Debut Record: “From My Integrated Soul”
Just about a year ago I made New York City my new home. I moved with no real direction other than a feeling in my gut and a few songs in my back pocket written at some of the most painful stages of my life. I didn’t hope for anything, I wasn’t ready, I didn’t pray too much, and I wasn’t sure I deserved answers, but destiny led me here. That guttural gnawing in my stomach was soon to be answered. I started straight ahead at work on my record and in doing so I found the soul in my sound. I learned of the little trinkets in my tone and the beauty hiding behind the belts of my diaphragm. The gnawing in my belly all these years was just myself needing to be set free. I thought, if I don’t hash through this close-to-the-bone agony to do what I was gifted to do then this will be the end of me. I knew I wouldn’t have the energy left to pick myself up again. Tomorrow I have an appointment to finalize my record. I will go into the mastering session and I will hear so many beautiful sounds blossom like a beautiful rose filled with new life. I will hear my sweat, blood, and tears. My life stories will take off into the sky like a dragonfly. Most of all, I will be doing this knowing that I fought, I believed, I prayed, and so, I finished. This year has been filled with so much soul and so much guts and glory, that it is indescribable how my heart feels so warm and humble. I am jumping into my jacket and snow boots now to head into the studio, one last time. I will be finishing vocals on my song “Dragonfly”, the last song to be completed. What a perfect way to wrap this record and to start my new life, high in the sky where I have always dreamed of being, and so far far from my silhouette of pain. I will check back in tomorrow evening after the mastering of “From My Integrated Soul”. I hope I will be able to rest tonight! I feel so many things~
The eve of this new year brings me great joy and excitement! I couldn’t have asked for a more fulfilling 2011. For this new year, my new years resolution… Is to just keep pushin’ forward and to stay on my steady path to great unconditional love, relationships, and success in my art! I feel beautiful things for myself, my loved ones, and the world. I feel 2011 has helped us shift, has helped lights shine, has cleared roads, made paths, has broken some of us down so intensely that our uphill climb may now begin. 2011 has enabled us to be a little less fearful of taking chances and moving outside the box. It has set us up strong! I believe we should all take strong consideration into what we pray for this year. What boils our blood or thins our tears? All of our yearning desires must be put into account because, for some reason, this year just feels so right, so plenty, so huge in such a lovely way… This is not a year for time. This is the time for a year… Amen~
…And the day came when the boy in the over-sized hat grew into his own and was able to open up his gift and share it with the world! The release party has been set to January 31st at The Hudson Terrace, 621 West 46th Street, New York, NY 10036! My first single, “My Sweet Radio,” an acoustic version entitled ”My Radio (The Mississippi Blend),” and one of my feel-so-good tracks, “Don’t Trip, And Fall,” will all be released!
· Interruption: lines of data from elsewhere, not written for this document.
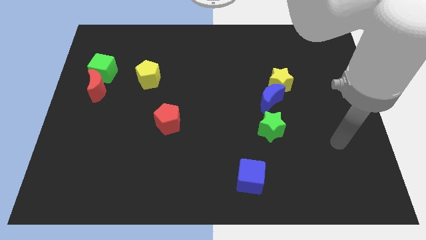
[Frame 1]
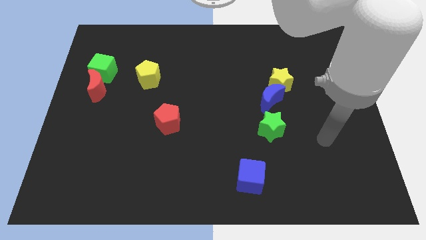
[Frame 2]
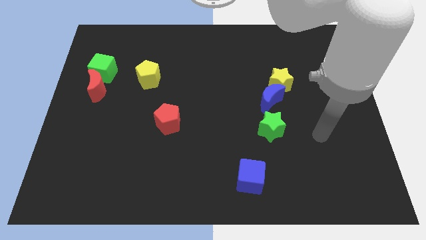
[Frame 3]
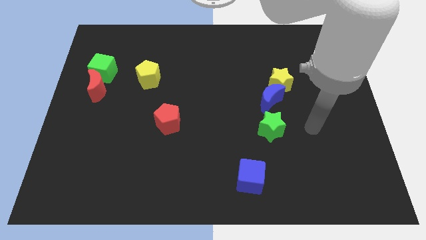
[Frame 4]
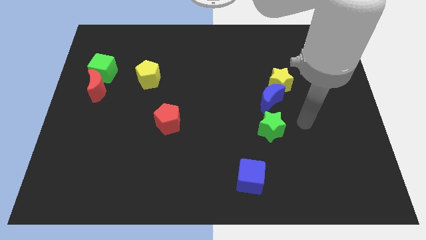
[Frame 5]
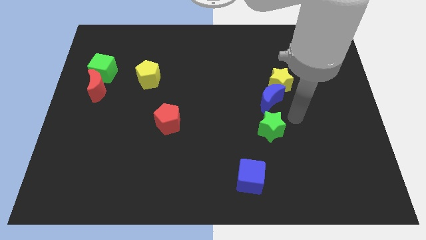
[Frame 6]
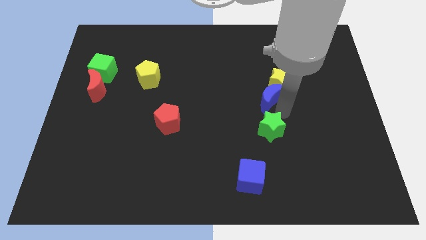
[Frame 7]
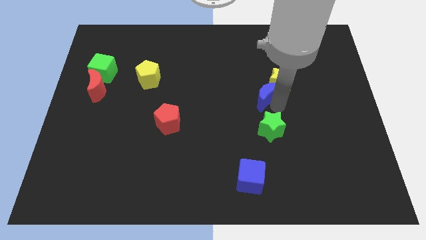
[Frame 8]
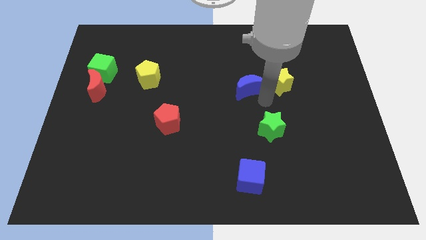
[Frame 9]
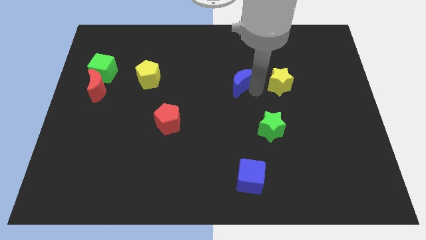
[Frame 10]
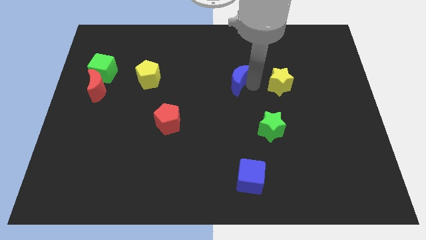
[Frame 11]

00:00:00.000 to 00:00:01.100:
move the yellow star away from the blue moon

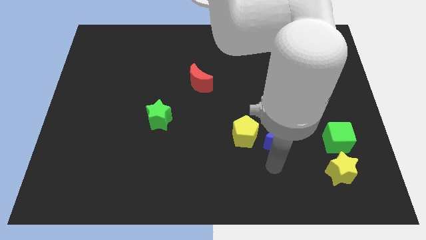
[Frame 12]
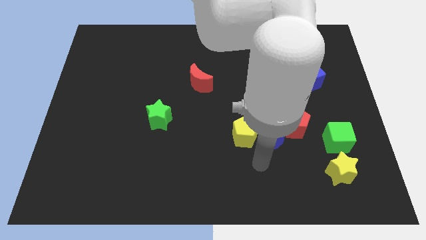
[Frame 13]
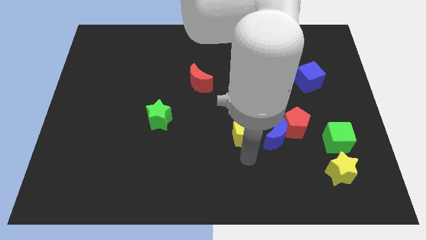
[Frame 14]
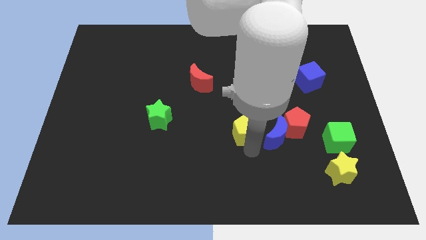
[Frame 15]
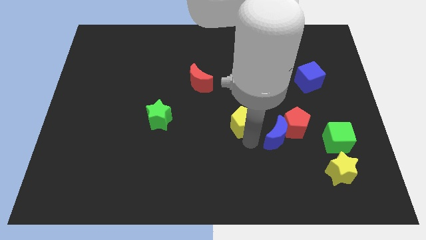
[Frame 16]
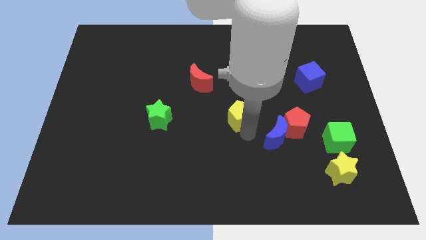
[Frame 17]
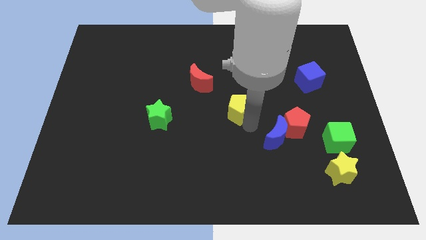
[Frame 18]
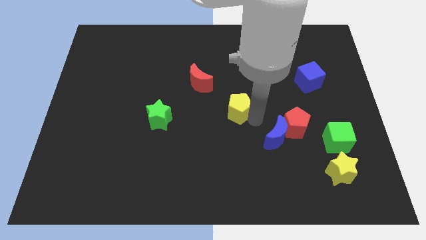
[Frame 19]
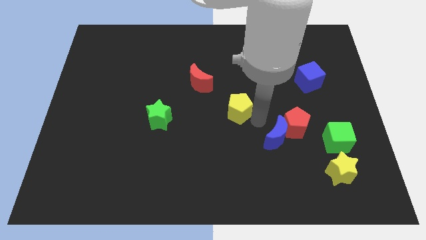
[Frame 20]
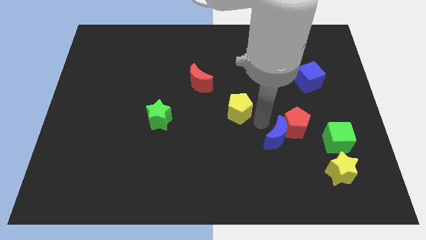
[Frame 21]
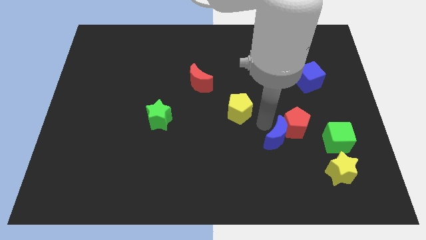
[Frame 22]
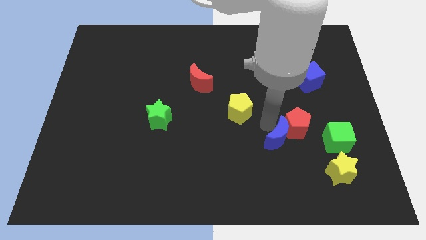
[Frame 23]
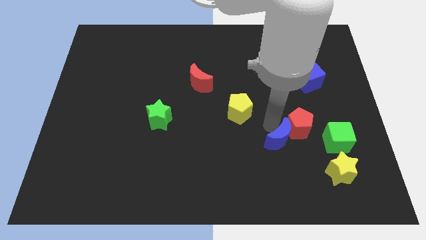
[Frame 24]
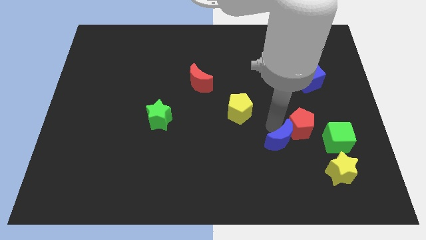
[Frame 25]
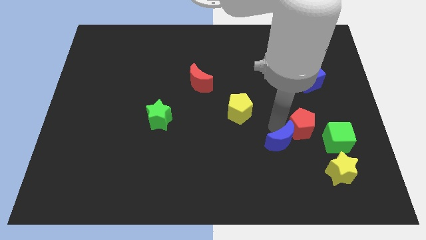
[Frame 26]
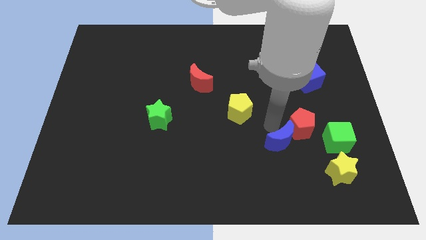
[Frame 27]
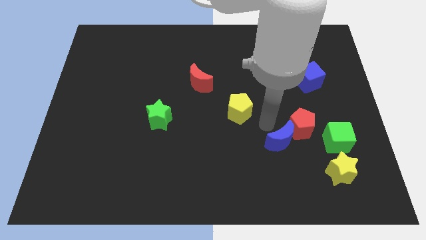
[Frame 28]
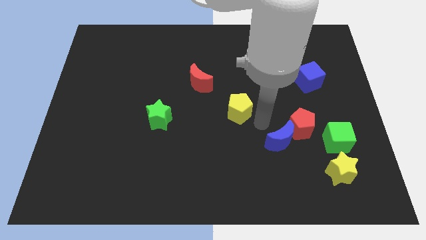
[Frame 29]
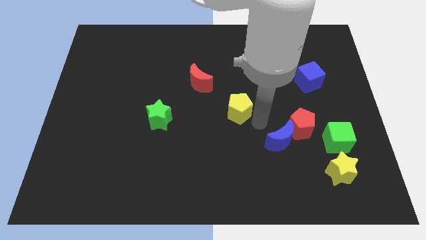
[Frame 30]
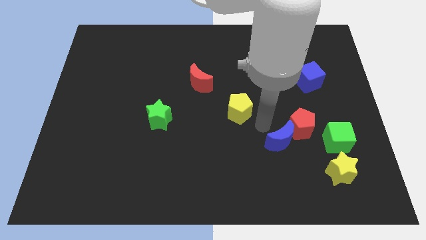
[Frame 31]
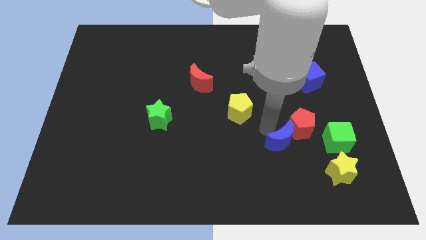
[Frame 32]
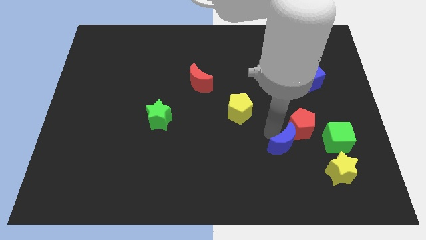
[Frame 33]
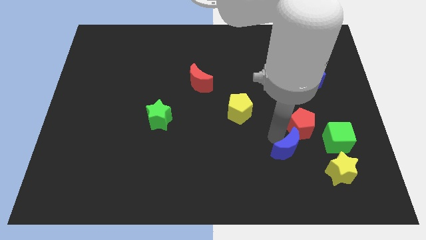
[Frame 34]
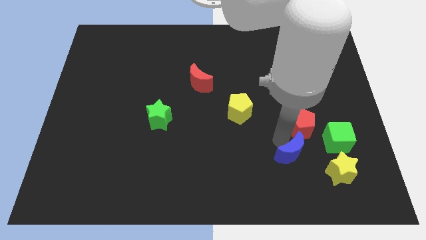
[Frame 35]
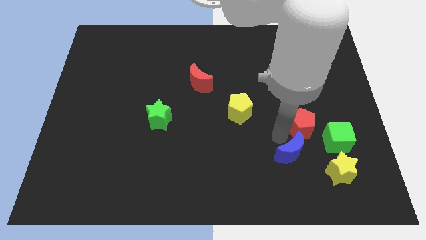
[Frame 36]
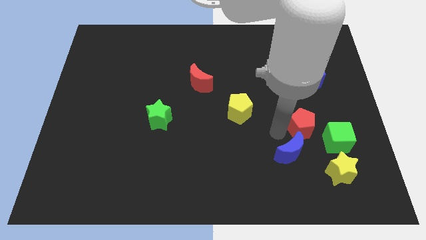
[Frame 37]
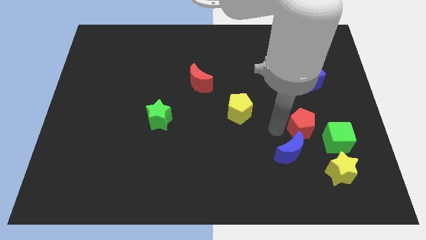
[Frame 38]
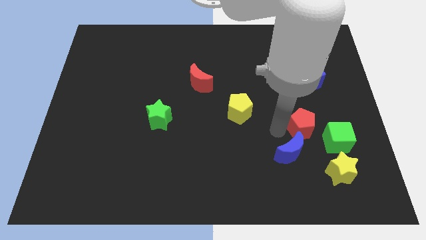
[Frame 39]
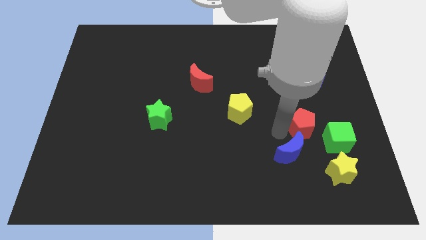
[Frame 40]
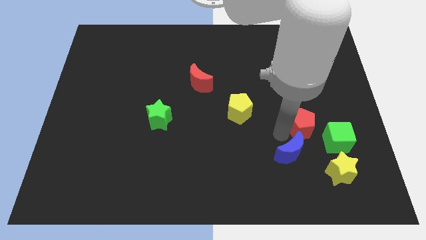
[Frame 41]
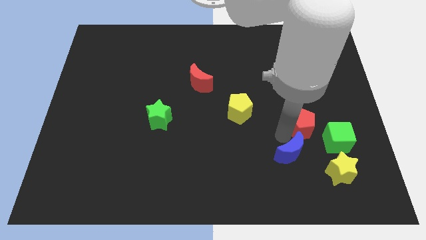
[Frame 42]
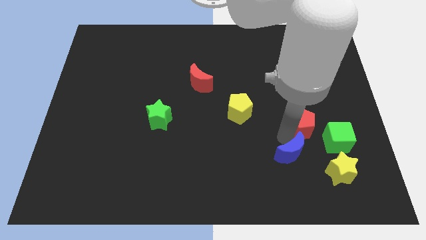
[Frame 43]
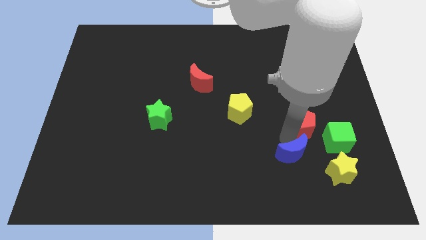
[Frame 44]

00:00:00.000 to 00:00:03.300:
move the blue moon away from the red pentagon and yellow pentagon

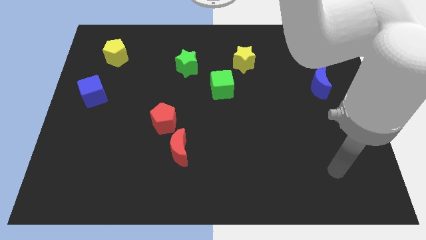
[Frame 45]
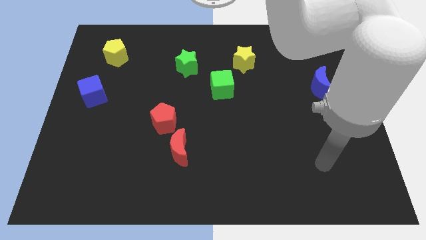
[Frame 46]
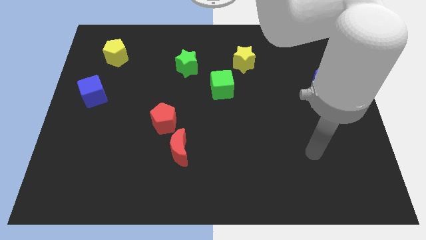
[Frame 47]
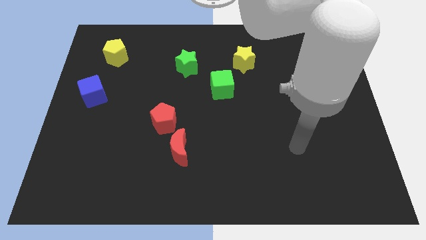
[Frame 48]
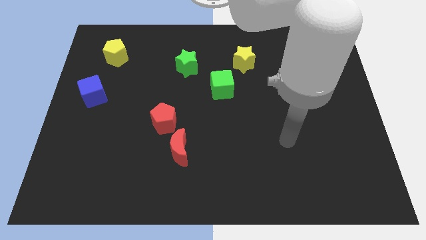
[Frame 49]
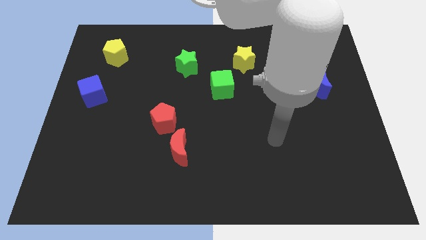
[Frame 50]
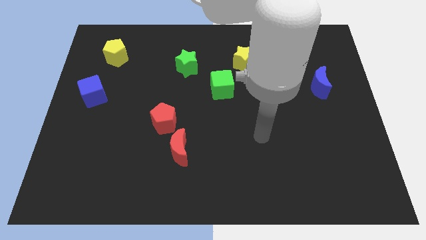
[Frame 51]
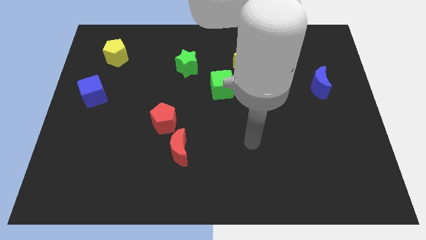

It’s been an incredible journey with overwhelming adventures stamped into my memory for the rest of my life. I can only imagine what is to come! If I have learned even just one thing on this path into my own, it is that a second chance is always possible and that with hard work, sweat, and maybe a few buckets of tears, so is happiness! There are so many special people involved in this ever growing project entitled ”From My Integrated Soul” and I hope that they have gained and taken with them even a tinkling of the hope that I have. In essence it seemed so simple. I decided to live, focus, and remedy an itch I wouldn’t have been able to ignore any longer and that’s just making some great ol’ fashion feel good music!!! Thankful to family, friends, and my supporters. Your belief in this project has brought it to life~ Amen
Lifted brow to the sky, mild mood, hands held high. “Just give me a beat!” the old fashioned man said. Dressed from head to toe in everything but shirt to shoe cohesion, miss-matching with a bright pink top. Hat to boot, the man couldn’t be more content. All he wanted to do was sing, turning noise into music at every turn, his spirit was as energized as a young boy on Christmas morning awaiting the new family pet to show face from under the tree! This blind man made his way to what we call the city of dreams. To him it was music, the city of noise! At every corner, a new instrument, from the gallop of a horses hoof, to a dogs bark, to a taxi horn, all just enough to inspire a tune! A man most would call homely and unfortunate, on the contrary, he would say, “just consider me the lucky one. I have a gift. I hear sounds most never hear.” When asked to explain, he would reply, “have you been to the park in the village where the pigeons meet? It’s like an arrangement of bells and whistles, an ensemble of feathers, a living breathing orchestra! Or maybe under the streets where millions of feet scurry, shoes are clacking, people huffing to achieve their destinations while trains come to screaming halts. I hear subway vocalists resembling a chorus of sorts to these scurrying entities. Just give me a beat. Sight means no more to me than the excitement of your new sparkling shoe. My ears are my gratitude. The world is my symphony. I need not see what I hear so clearly…” You will find this miss-matched man dancing in the streets, a slanted grin to the left side of his face aimlessly scouring the city for the next big hit! A grateful man, we should say, a free spirit, an angel. How sweet to meet people that dance to different beats, that live and breathe in between the notes of life. How fortunate we are to experience these off-the-beat souls… Refreshing, I’d say. Grateful. I welcome you.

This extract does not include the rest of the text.